*** Opening of The records ***

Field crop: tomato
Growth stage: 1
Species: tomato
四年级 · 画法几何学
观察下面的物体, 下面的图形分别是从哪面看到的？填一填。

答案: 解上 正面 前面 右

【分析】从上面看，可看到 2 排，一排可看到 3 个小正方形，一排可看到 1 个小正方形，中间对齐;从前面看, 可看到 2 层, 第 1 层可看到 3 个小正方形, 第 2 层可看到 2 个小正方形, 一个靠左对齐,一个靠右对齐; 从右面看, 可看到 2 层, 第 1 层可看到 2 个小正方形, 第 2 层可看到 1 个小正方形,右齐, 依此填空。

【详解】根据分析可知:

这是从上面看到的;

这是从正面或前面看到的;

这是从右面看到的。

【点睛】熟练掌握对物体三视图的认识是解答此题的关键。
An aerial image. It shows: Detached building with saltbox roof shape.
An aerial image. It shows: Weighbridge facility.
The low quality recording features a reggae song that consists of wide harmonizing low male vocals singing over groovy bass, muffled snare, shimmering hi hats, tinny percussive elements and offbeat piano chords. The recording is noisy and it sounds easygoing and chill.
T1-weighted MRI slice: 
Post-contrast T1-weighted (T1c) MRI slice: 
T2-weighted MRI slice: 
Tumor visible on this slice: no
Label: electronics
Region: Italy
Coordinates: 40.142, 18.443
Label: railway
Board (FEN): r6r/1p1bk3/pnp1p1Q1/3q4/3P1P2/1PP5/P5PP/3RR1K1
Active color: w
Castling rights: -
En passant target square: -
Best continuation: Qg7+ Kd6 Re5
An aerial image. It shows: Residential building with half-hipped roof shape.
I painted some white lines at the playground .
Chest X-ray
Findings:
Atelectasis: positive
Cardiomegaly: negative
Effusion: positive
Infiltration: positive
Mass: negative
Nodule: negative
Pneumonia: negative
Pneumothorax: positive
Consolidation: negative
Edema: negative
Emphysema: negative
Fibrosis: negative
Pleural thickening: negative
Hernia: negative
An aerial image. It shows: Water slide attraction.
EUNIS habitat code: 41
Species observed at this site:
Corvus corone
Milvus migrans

*** Close of The records ***

- _Problem to solve_
Each line of the data that holds the word "positive" should be copied.

- _Exercise solution_
Atelectasis: positive
Effusion: positive
Infiltration: positive
Pneumothorax: positive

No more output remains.